O  Auxílio Brasil começará na quarta-feira, 17 de novembro, substituindo o Bolsa Família e trazendo ampliações. O novo programa assistencial irá aumentar o número de beneficiários e a média de pagamento.

O Auxílio Brasil deve aumentar o número de beneficiários do Bolsa Família, passando de 14,6 milhões para cerca de R$ 17 milhões. Segundo o ministro da Cidadania, João Roma, a ideia é aumentar em 2 milhões o número de contemplados.

Dessa maneira, os que hoje já são beneficiários do Bolsa Família serão remanejados, de forma automática, para o novo programa. Os novos contemplados devem ser selecionados, com base na inscrição no Cadastro Único para programas sociais do Governo Federal (CadÚnico).

No Bolsa Família são beneficiadas as famílias em extrema pobreza que possuem renda familiar per capita de até R$ 89. Além disso, são contempladas aqueles que possuem uma renda familiar per capita de até R$ 178, desde que tenham em sua composição gestantes, nutrizes, crianças e/ou adolescentes até 17 anos.PUBLICIDADE

Diante disso, é esperado que os critérios de seleção continuem usando esses princípios. Porém, o ministro da Cidadania afirmou que o governo pretende ampliar a faixa de entrada faz famílias em extrema pobreza para R$ 100.

Outra mudança anunciada no Auxílio Brasil é o valor médio de pagamento, que hoje é de R$ 192, e que deve passar a ser de R$ 400. Porém, neste primeiro mês de pagamento só será possível realizar um reajuste, com base na inflação, ficando em R$ 220.

Para bancar esse reajuste o governo irá usar R$ 9,3 bilhões do Orçamento do Bolsa Família. Além disso, foram aumentadas, temporariamente, as alíquotas do Imposto sobre Operações Financeiras (IOF) gerando um recurso de 1,62 bilhão, voltado para o Auxílio Brasil.

Assim como o Bolsa Família, o valor recebido pelas famílias será variável, conforme a composição. Para ampliar a média de pagamento serão criados novos benefícios para substituir os que hoje existem:

Benefício Primeira Infância: famílias com crianças de até 3 anos recebem o valor de R$ 130.

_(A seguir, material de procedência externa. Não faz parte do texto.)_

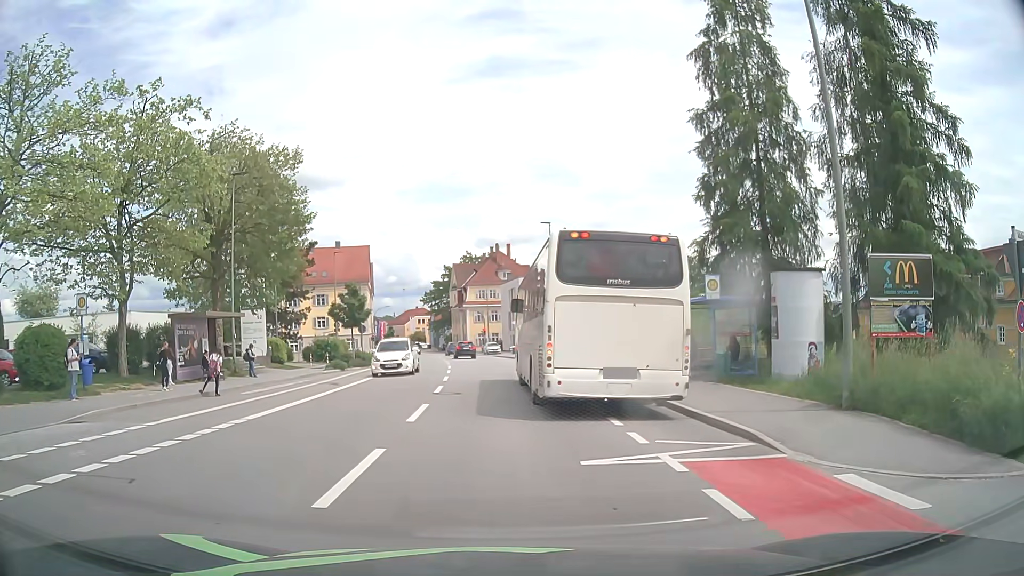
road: tertiary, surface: asphalt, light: Day
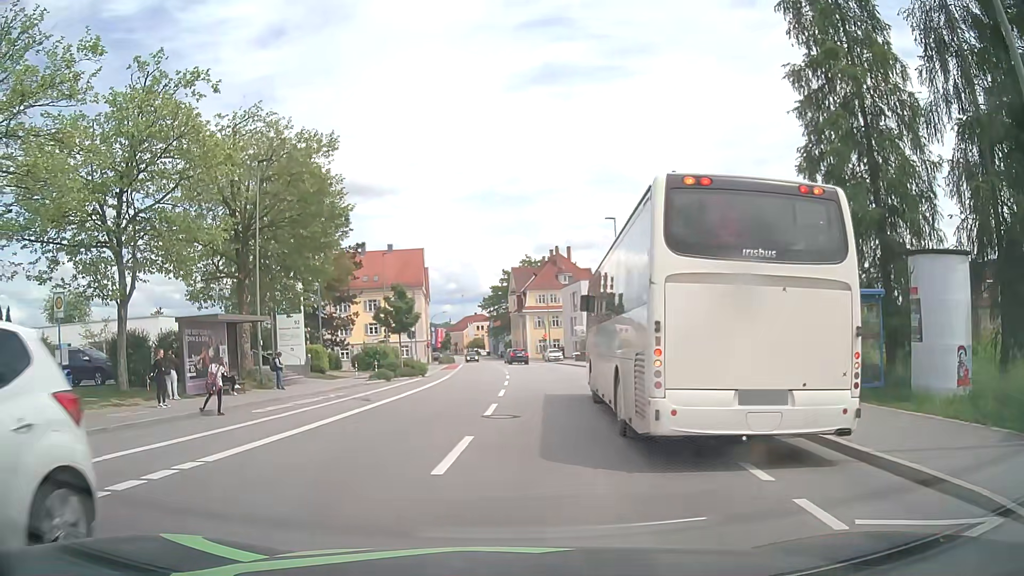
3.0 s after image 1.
(0.0, +4.3) m; -3°
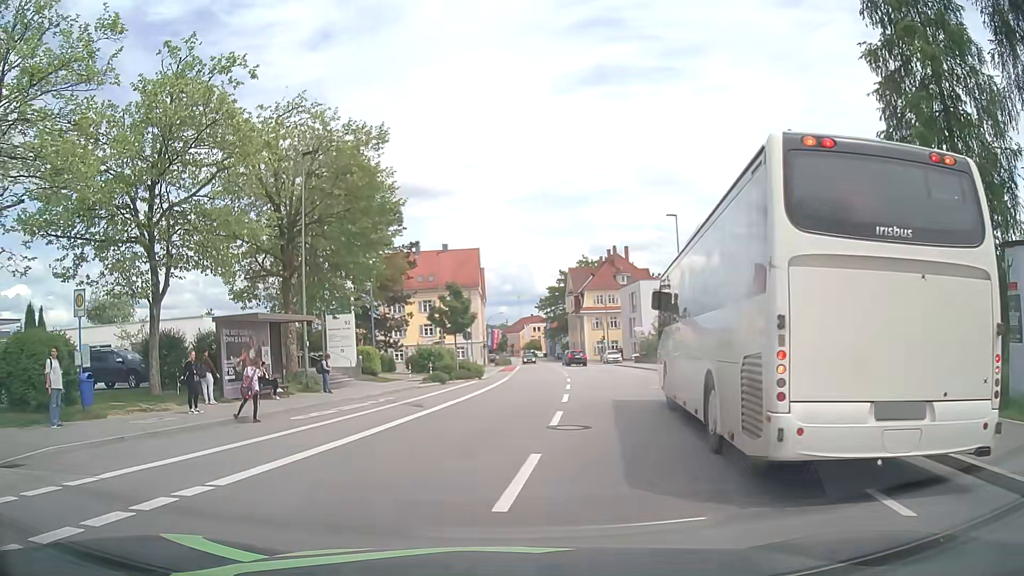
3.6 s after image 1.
(-0.1, +1.7) m; -5°
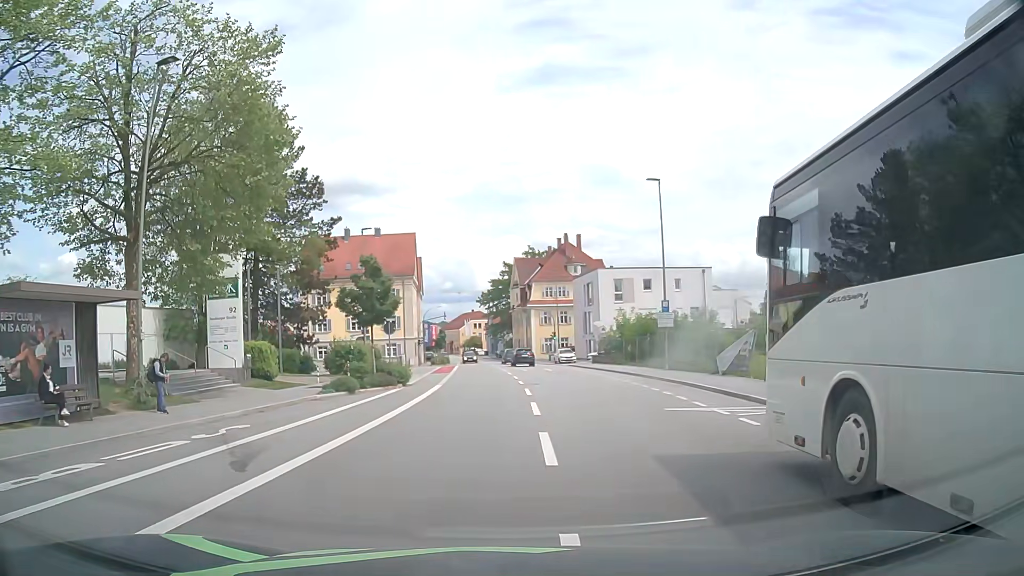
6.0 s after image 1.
(0.0, +10.0) m; +4°
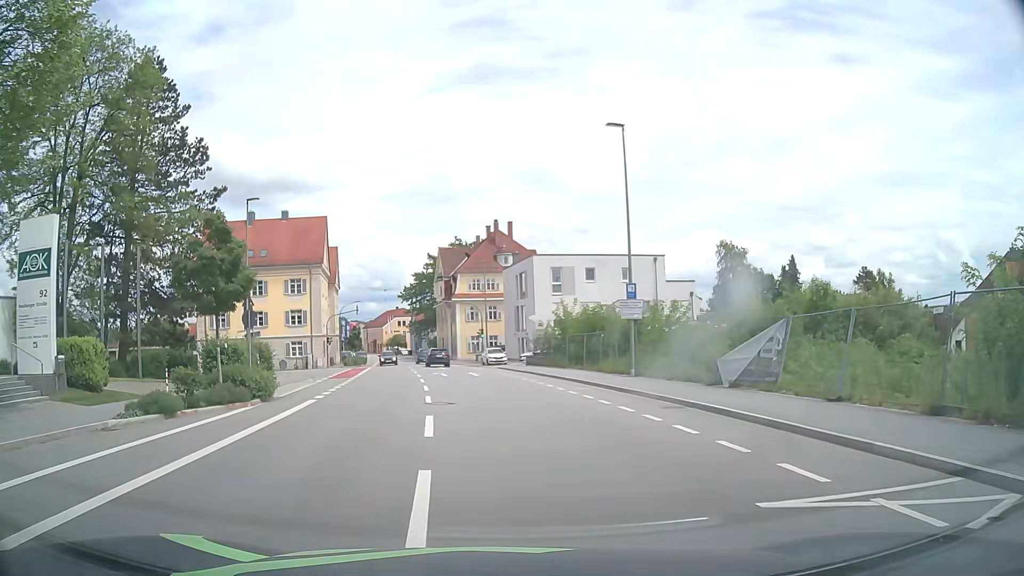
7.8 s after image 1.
(+0.7, +9.4) m; +7°
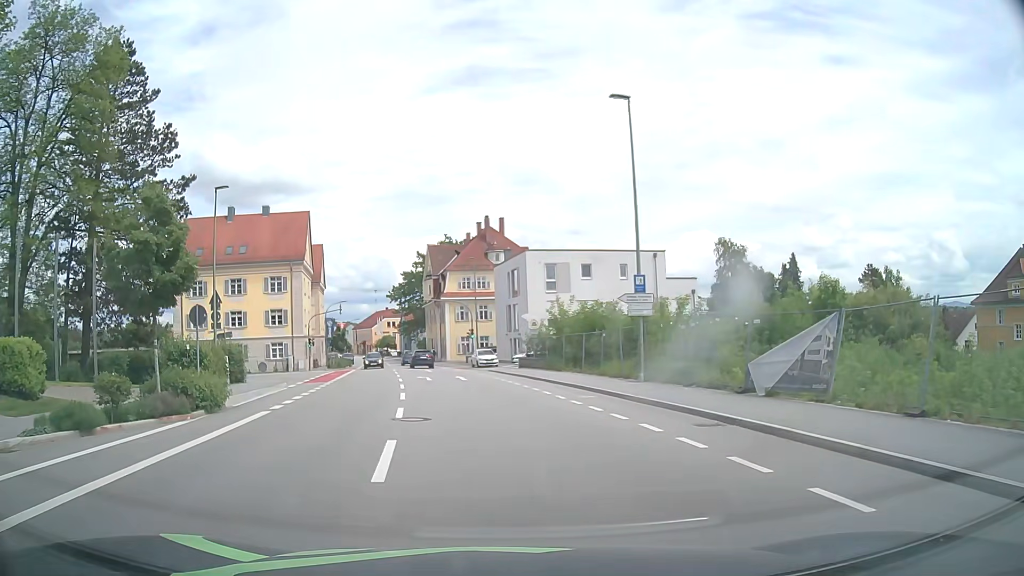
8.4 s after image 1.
(0.0, +3.5) m; +1°
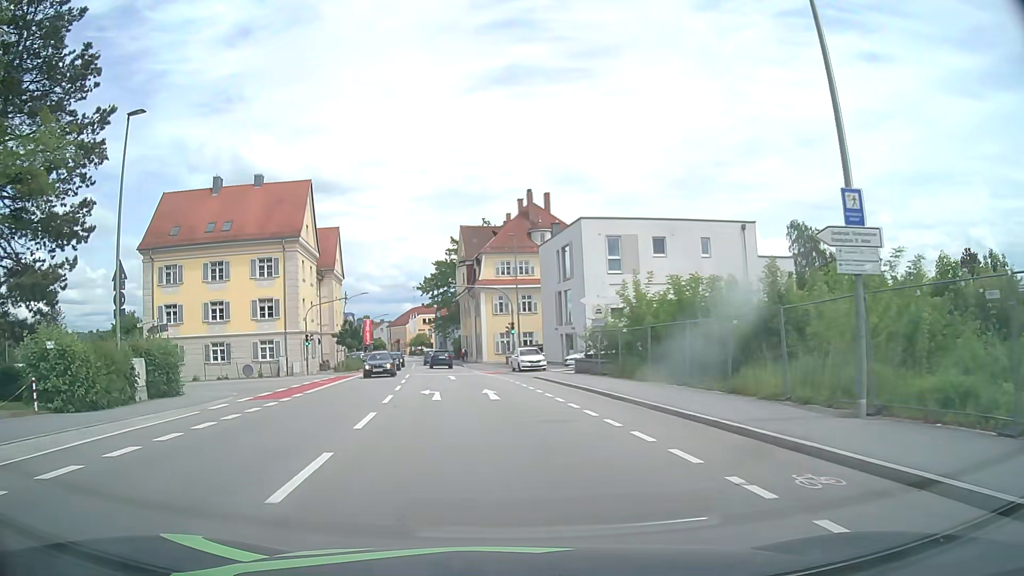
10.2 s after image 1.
(-0.4, +13.3) m; -4°
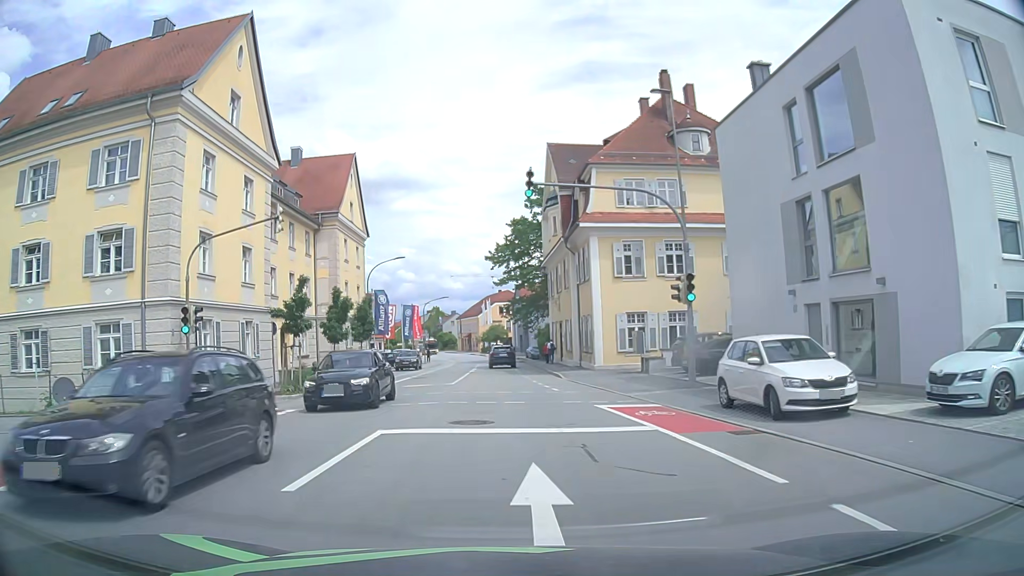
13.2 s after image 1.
(-2.4, +29.8) m; -7°
(0, +10) (0, +20) (0, +30) (-1, +40) (-1, +50) (-1, +60) (-2, +70) (-3, +80) (-4, +90) (-5, +100) m

Benefício de  Superação da Extrema Pobreza: jovens de 18 a 21 anos incompletos recebem R$ 65, o intuito é o incentivo para que os jovens concluam a escolarização.

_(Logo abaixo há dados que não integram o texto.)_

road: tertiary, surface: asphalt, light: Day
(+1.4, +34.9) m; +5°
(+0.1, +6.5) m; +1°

Benefício Composição Familiar: para famílias que tenham gestantes, ou pessoas de 3 a 17 anos de idade, ou de 18 a 21 anos matriculados na educação básica. O valor do benefício será de R$ 65 por pessoa, no limite de até cinco benefícios por família.

E outras complementares:

Auxílio Esporte Escolar: estudantes de 12 a 17 anos incompletos que se destacam em competições oficiais do sistema de jogos escolares brasileiros e que são de famílias beneficiárias do Auxílio Brasil recebem parcela única de R$ 1 mil ou R$ 100 mensais.

Bolsa de Iniciação Científica Júnior: para estudantes com bom desempenho em competições acadêmicas. O valor é de 12 parcelas mensais de R$ 100 ou R$ 1 mil em parcela única.

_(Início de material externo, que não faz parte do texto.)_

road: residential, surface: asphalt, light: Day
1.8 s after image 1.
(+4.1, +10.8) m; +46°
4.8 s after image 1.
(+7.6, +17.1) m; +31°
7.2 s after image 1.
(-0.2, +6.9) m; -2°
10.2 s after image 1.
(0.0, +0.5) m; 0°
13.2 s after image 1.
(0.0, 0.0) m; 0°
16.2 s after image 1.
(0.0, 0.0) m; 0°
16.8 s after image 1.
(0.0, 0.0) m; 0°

Auxílio Criança Cidadã: para o responsável de criança de até 4 anos incompletos que tenha fonte de renda, mas não consiga vaga em creches públicas ou de rede conveniada. O valor é de R$ 200 para crianças matriculadas em período parcial e R$ 300 em período integral.

Auxílio Inclusão Produtiva Rural: destinado para agricultores familiares inscritos no CadÚnico. Valor recebido deve ser de R$ 200.

Auxílio Inclusão Produtiva Urbana: destinado para quem comprovar vínculo de emprego formal. Valor recebido deve ser de R$ 200.

Regra de Emancipação: para beneficiários que tiveram aumento de renda per capita ultrapassando o limite para a inclusão no auxílio, estes serão mantidos na folha de pagamento por mais 24 meses.

Como é possível perceber, o benefício específico para as gestantes é de R$ 65 para cada mulher que compõe a família. O governo está publicando aos poucos todos os pontos do Novo Bolsa Família.